■ Task directions: Could you repeat every line below exactly, skipping the images?

■ Dataset:
=-=-=

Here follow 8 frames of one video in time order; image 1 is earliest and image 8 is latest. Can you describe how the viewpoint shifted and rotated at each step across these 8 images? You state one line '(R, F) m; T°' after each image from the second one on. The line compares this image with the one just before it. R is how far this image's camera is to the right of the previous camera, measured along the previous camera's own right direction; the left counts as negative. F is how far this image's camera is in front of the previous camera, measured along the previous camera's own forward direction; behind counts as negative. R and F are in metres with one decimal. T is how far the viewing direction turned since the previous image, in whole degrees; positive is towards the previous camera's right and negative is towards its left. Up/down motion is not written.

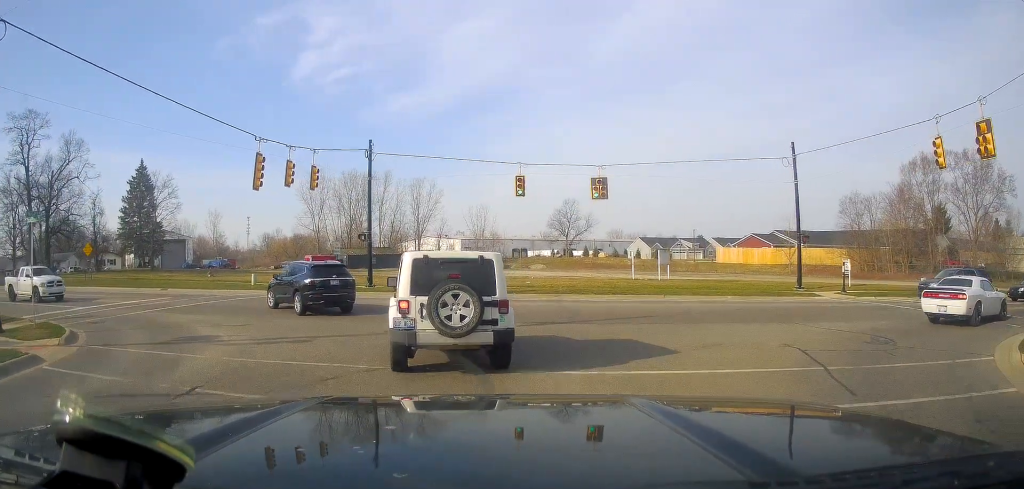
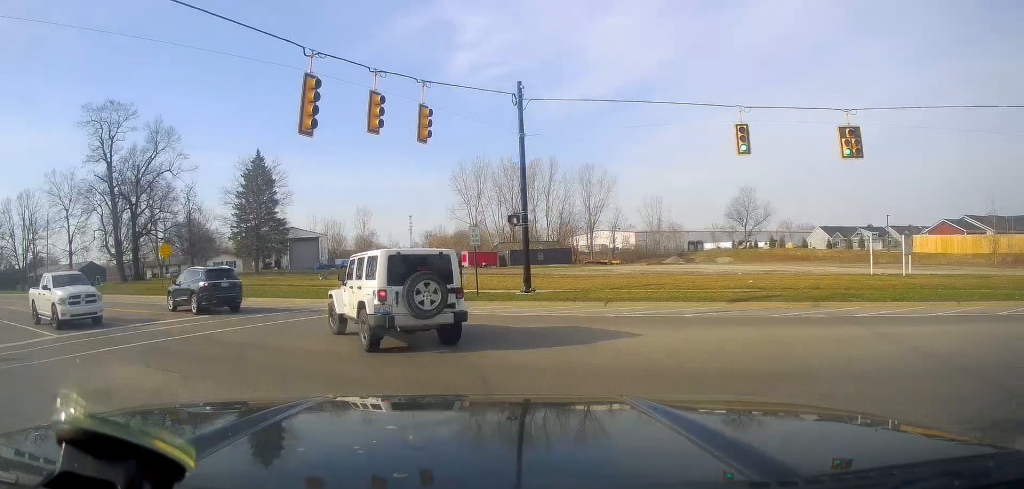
(0.0, +12.1) m; -13°
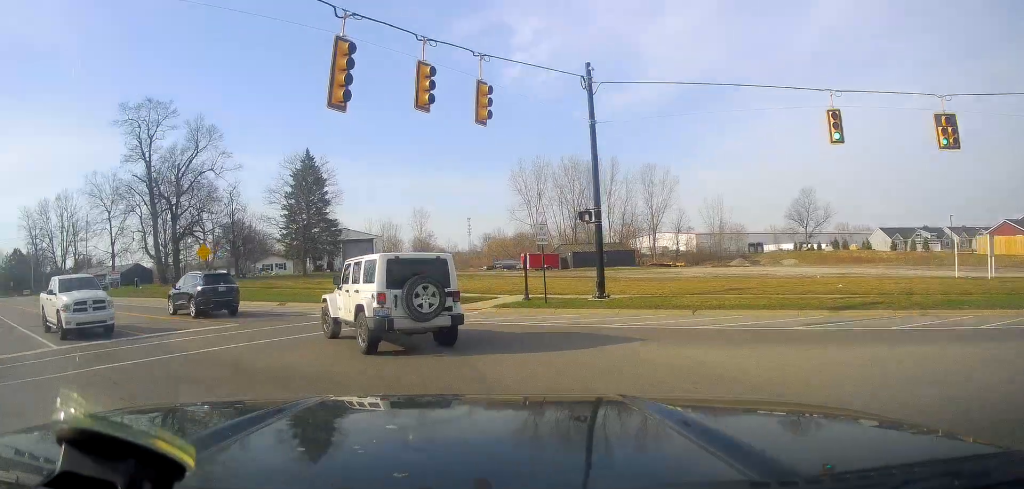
(+0.2, +2.7) m; -7°
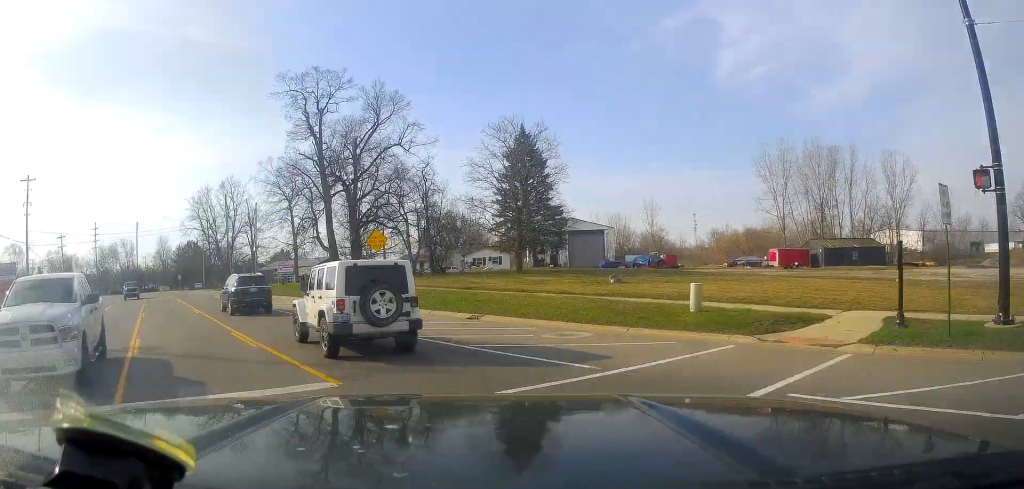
(-2.2, +11.2) m; -17°
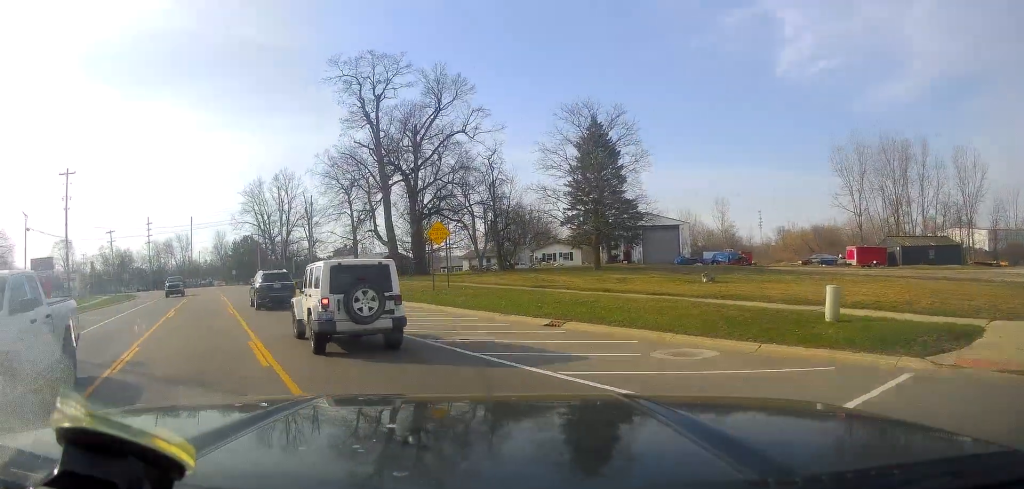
(+0.4, +3.9) m; -6°
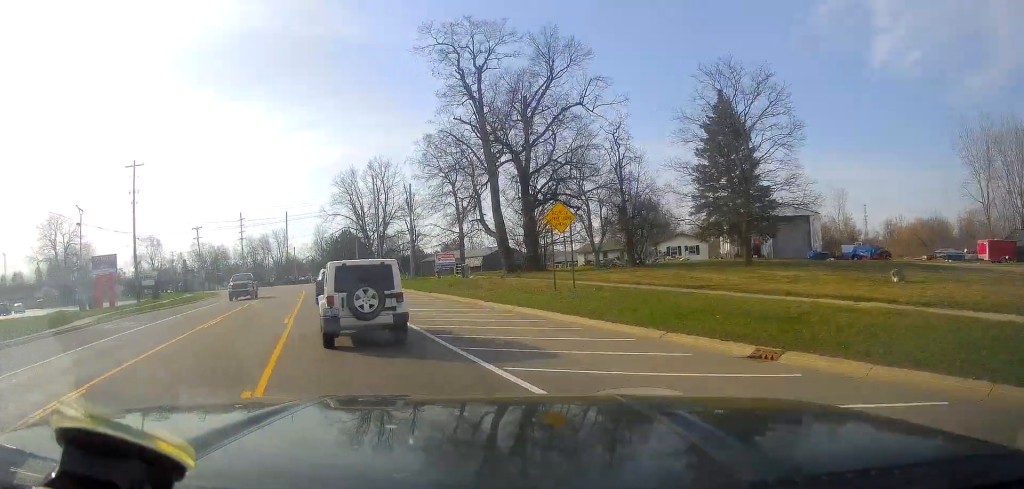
(-1.1, +6.6) m; -11°
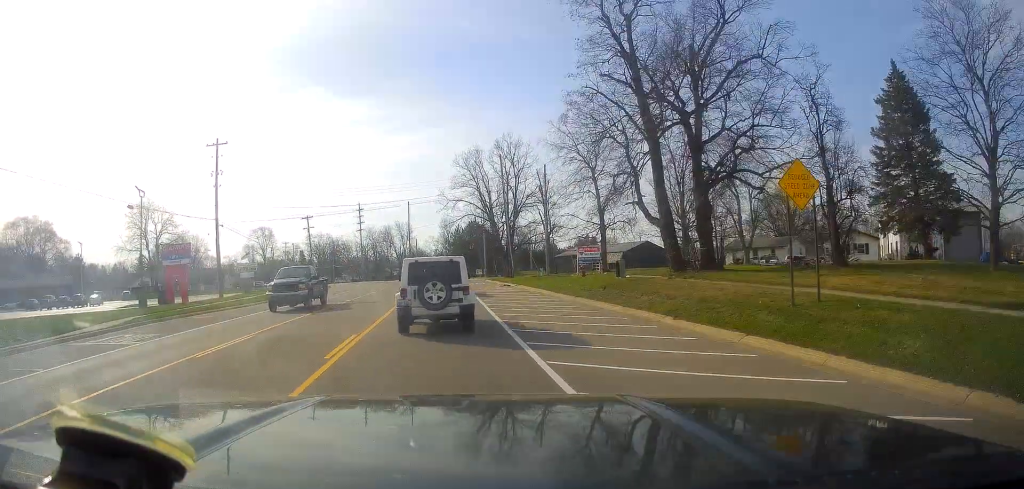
(-1.1, +9.4) m; -9°
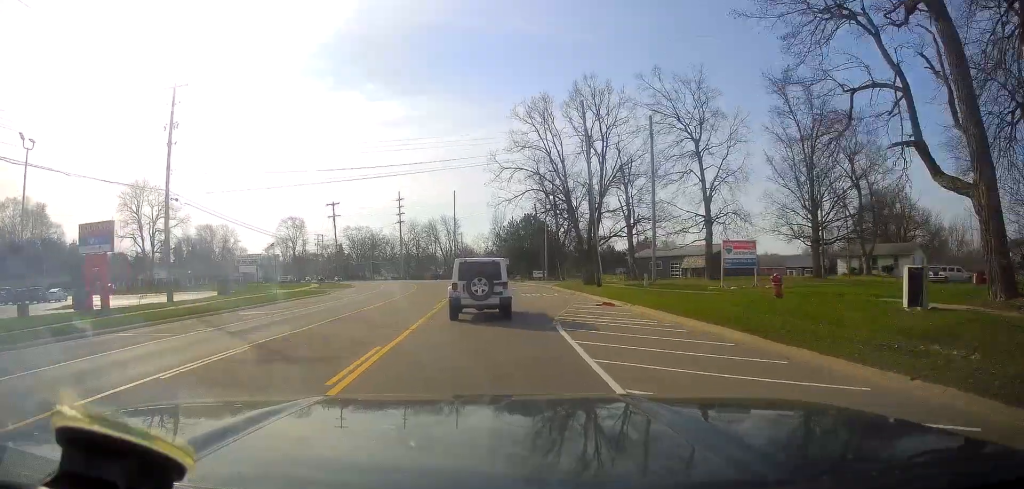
(-1.3, +19.1) m; -7°
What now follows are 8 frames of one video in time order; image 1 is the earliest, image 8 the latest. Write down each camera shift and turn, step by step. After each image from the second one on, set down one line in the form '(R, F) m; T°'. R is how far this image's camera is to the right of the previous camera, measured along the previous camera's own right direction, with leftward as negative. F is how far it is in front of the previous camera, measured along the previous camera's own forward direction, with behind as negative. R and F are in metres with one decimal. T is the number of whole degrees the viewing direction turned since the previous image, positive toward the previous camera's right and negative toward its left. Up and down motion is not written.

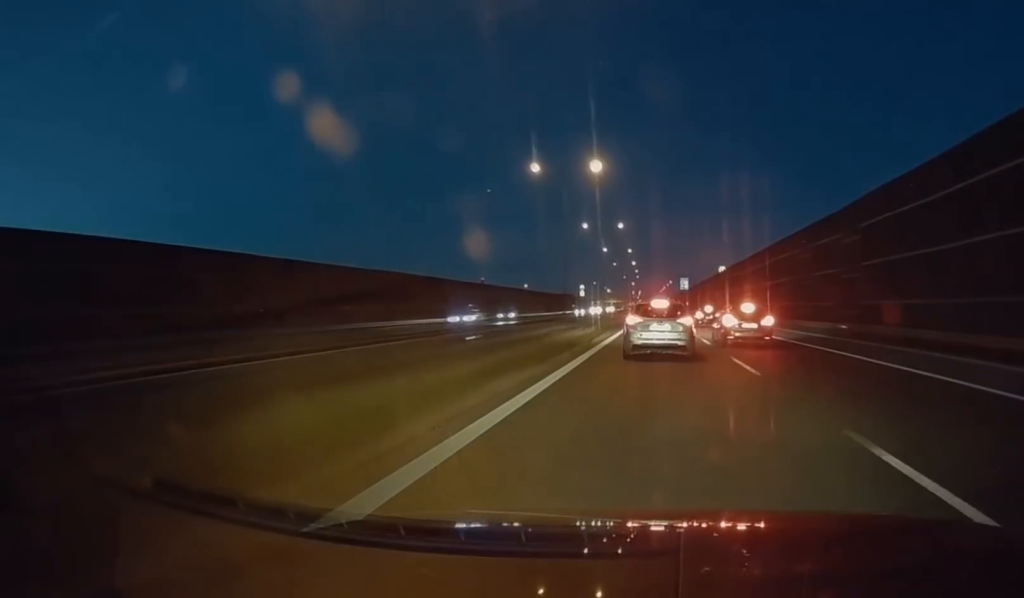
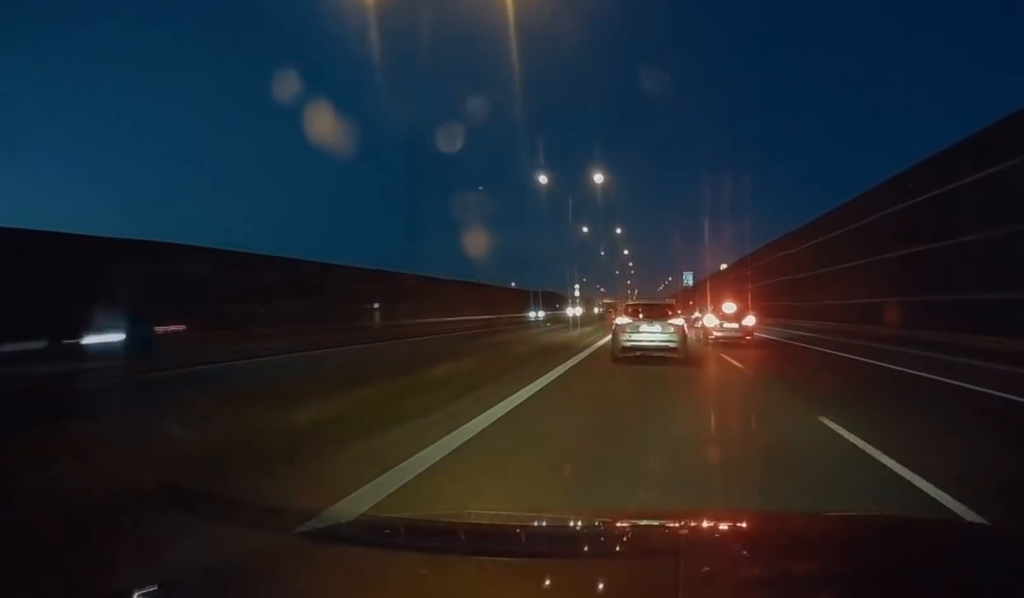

=-=-=

■ Solution:
Here follow 8 frames of one video in time order; image 1 is earliest and image 8 is latest. Can you describe how the viewpoint shifted and rotated at each step across these 8 images? You state one line '(R, F) m; T°' after each image from the second one on. The line compares this image with the one just before it. R is how far this image's camera is to the right of the previous camera, measured along the previous camera's own right direction; the left counts as negative. F is how far this image's camera is in front of the previous camera, measured along the previous camera's own forward direction; behind counts as negative. R and F are in metres with one decimal. T is how far the viewing direction turned since the previous image, in whole degrees; positive is towards the previous camera's right and negative is towards its left. Up/down motion is not written.

(0.0, +12.1) m; -13°
(+0.2, +2.7) m; -7°
(-2.2, +11.2) m; -17°
(+0.4, +3.9) m; -6°
(-1.1, +6.6) m; -11°
(-1.1, +9.4) m; -9°
(-1.3, +19.1) m; -7°
What now follows are 8 frames of one video in time order; image 1 is the earliest, image 8 the latest. Write down each camera shift and turn, step by step. After each image from the second one on, set down one line in the form '(R, F) m; T°'. R is how far this image's camera is to the right of the previous camera, measured along the previous camera's own right direction, with leftward as negative. F is how far it is in front of the previous camera, measured along the previous camera's own forward direction, with behind as negative. R and F are in metres with one decimal. T is the number of whole degrees the viewing direction turned since the previous image, positive toward the previous camera's right and negative toward its left. Up and down motion is not written.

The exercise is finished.